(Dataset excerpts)
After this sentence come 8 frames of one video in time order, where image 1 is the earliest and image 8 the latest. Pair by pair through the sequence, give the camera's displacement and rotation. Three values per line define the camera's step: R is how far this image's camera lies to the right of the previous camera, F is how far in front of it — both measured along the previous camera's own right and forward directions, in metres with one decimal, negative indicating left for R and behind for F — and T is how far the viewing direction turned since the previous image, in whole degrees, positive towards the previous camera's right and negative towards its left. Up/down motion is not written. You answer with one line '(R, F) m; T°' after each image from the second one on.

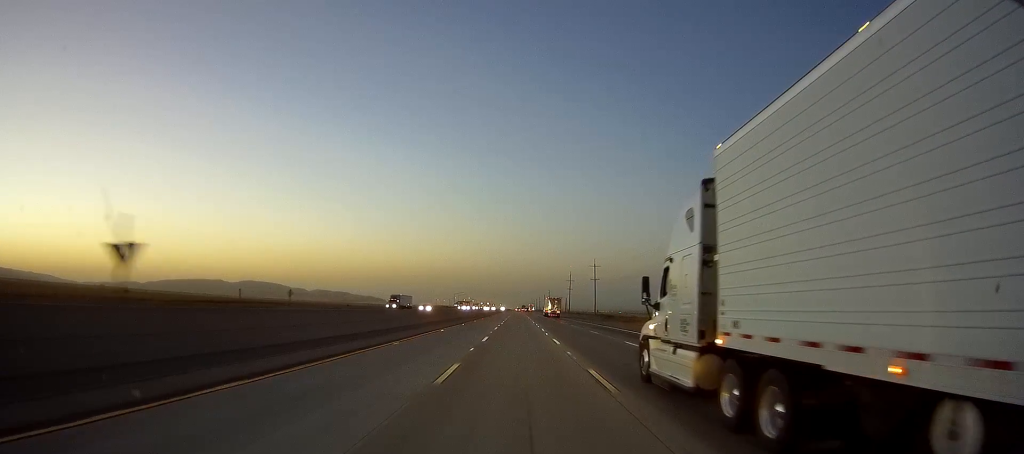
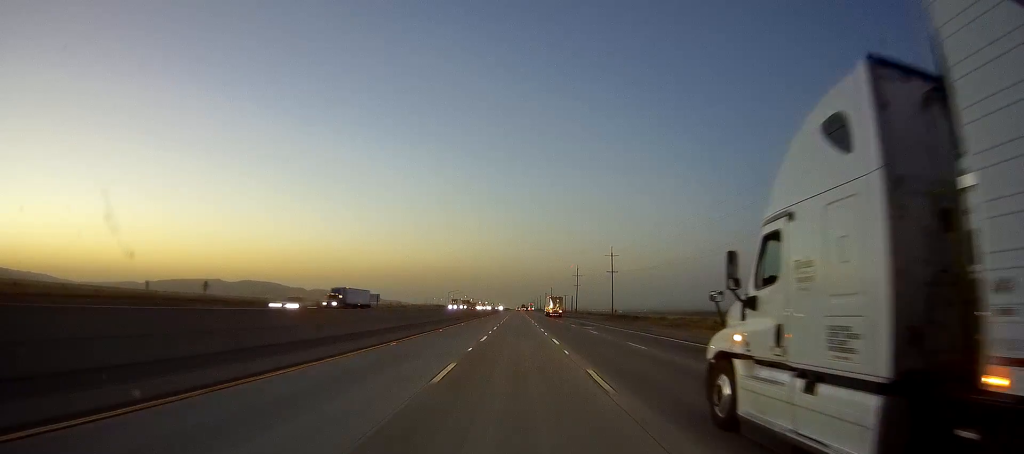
(+0.3, +29.3) m; 0°
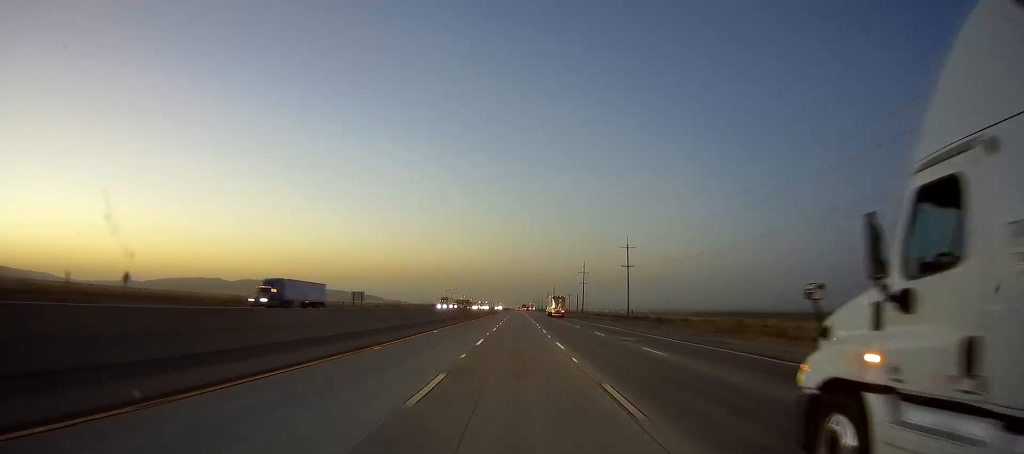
(-0.4, +17.4) m; 0°
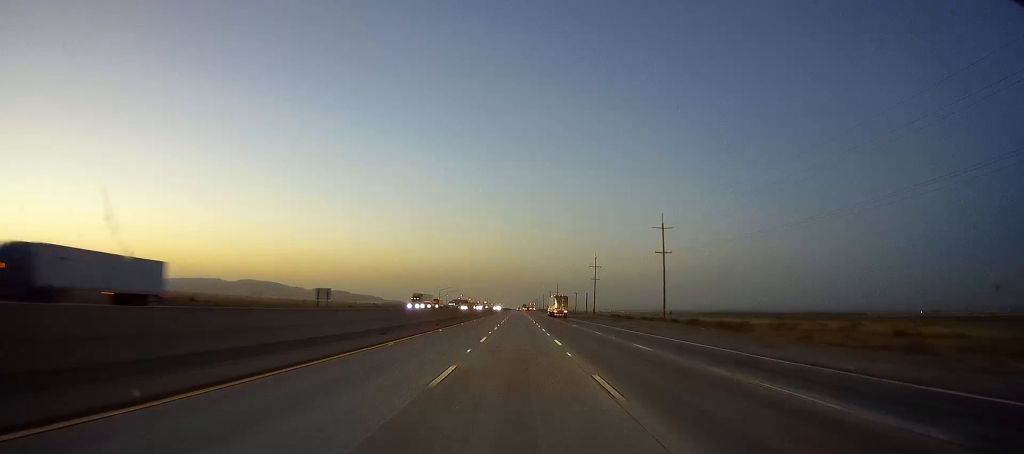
(+0.3, +27.1) m; 0°
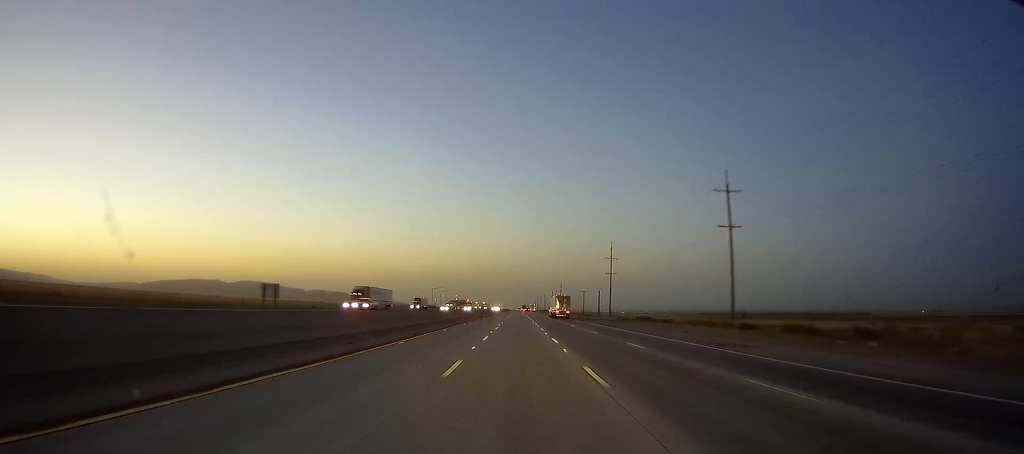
(0.0, +27.1) m; 0°
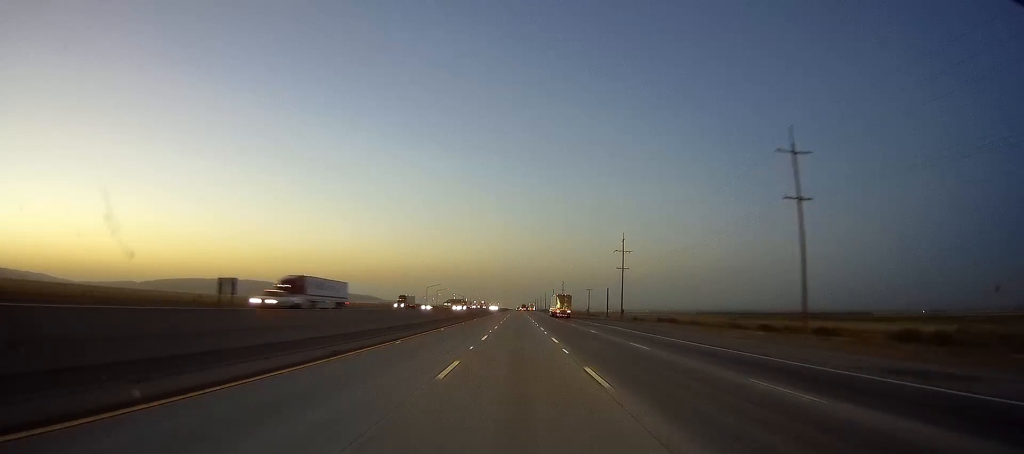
(-0.4, +15.2) m; 0°
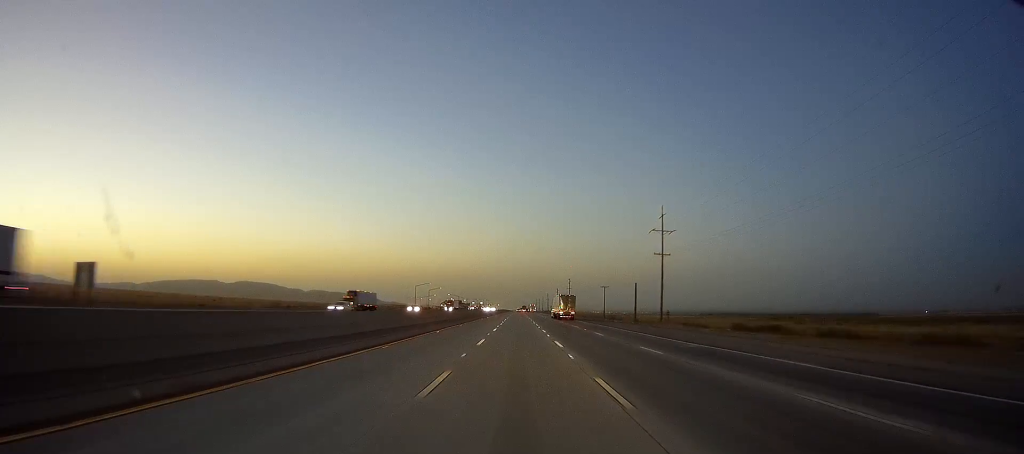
(+0.6, +31.5) m; 0°
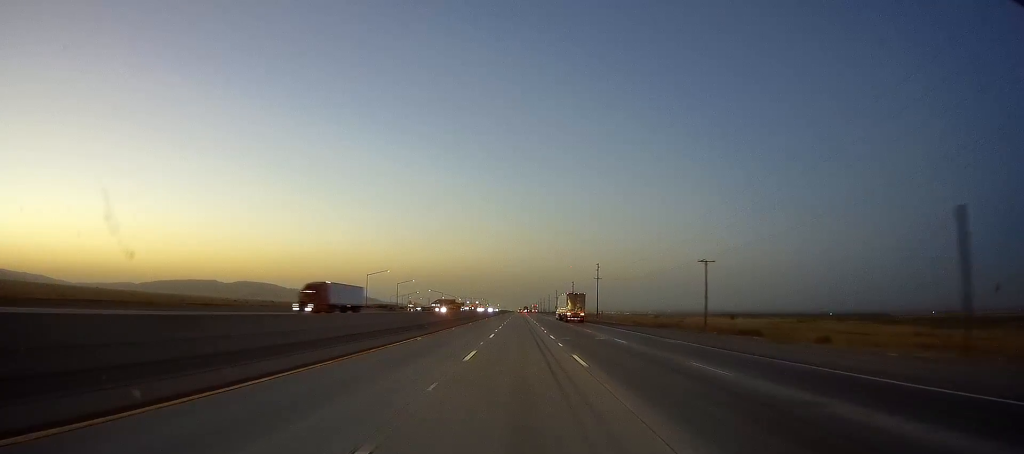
(-0.1, +80.5) m; 0°

Work request >> Repeat the records above exactly, omitting every picture.

Answer for this exercise >>
After this sentence come 8 frames of one video in time order, where image 1 is the earliest and image 8 the latest. Pair by pair through the sequence, give the camera's displacement and rotation. Three values per line define the camera's step: R is how far this image's camera lies to the right of the previous camera, F is how far in front of it — both measured along the previous camera's own right and forward directions, in metres with one decimal, negative indicating left for R and behind for F — and T is how far the viewing direction turned since the previous image, in whole degrees, positive towards the previous camera's right and negative towards its left. Up/down motion is not written. You answer with one line '(R, F) m; T°' after each image from the second one on.

(+0.3, +29.3) m; 0°
(-0.4, +17.4) m; 0°
(+0.3, +27.1) m; 0°
(0.0, +27.1) m; 0°
(-0.4, +15.2) m; 0°
(+0.6, +31.5) m; 0°
(-0.1, +80.5) m; 0°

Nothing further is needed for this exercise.